• [WORK ITEM] Reply with one number: the count of lines in the data that hold the string "jest".

• [DATA TO EXAMINE]
- - -

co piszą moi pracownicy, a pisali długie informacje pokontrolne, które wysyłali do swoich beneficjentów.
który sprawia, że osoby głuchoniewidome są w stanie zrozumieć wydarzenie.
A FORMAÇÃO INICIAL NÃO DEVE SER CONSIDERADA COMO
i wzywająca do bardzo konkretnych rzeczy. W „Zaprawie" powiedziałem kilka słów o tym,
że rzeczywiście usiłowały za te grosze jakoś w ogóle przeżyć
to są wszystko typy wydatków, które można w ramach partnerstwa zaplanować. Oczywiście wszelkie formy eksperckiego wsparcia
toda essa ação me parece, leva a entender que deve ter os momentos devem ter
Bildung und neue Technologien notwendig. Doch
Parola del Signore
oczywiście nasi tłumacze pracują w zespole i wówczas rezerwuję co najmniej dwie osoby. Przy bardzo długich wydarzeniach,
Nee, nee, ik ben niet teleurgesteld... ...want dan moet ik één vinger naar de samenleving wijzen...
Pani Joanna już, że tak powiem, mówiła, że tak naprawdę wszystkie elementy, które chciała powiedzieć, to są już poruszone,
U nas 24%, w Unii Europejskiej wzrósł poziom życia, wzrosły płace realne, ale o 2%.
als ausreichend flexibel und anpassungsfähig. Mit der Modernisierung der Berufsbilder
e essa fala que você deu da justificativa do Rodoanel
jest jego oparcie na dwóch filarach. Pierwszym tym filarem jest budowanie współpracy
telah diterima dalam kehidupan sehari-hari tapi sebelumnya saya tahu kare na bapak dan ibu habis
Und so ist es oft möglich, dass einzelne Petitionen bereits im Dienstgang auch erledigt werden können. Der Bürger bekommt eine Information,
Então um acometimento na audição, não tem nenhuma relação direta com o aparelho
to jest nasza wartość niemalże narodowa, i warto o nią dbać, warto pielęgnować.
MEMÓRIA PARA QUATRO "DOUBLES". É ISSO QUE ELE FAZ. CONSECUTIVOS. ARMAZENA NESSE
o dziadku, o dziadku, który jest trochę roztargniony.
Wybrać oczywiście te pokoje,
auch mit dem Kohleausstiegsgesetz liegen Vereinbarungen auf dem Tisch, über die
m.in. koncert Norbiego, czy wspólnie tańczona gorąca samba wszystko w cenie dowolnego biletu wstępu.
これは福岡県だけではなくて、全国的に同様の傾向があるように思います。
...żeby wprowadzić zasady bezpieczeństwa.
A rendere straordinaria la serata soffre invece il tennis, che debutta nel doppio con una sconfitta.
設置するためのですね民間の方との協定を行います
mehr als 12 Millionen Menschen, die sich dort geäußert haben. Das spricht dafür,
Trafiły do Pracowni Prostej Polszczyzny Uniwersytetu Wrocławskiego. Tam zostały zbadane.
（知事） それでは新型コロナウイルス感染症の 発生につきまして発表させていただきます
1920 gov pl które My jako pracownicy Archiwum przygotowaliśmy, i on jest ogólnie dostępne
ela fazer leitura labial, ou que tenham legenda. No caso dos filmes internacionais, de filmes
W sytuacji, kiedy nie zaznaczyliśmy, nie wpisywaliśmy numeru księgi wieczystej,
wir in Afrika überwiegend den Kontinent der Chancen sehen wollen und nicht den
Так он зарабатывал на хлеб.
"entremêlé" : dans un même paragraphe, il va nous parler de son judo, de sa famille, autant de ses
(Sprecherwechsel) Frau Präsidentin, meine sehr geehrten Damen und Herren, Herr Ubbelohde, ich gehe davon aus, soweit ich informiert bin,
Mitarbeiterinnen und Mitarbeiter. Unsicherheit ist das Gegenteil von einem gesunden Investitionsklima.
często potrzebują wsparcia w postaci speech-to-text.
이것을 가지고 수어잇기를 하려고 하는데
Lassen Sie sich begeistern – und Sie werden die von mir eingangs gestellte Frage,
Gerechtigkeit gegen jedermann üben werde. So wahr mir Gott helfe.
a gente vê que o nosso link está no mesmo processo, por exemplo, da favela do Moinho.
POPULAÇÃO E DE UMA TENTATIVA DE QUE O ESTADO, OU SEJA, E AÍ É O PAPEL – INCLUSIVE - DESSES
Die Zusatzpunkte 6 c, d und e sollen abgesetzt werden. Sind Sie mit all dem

- - -

• [RESULT FOR THIS TASK] 4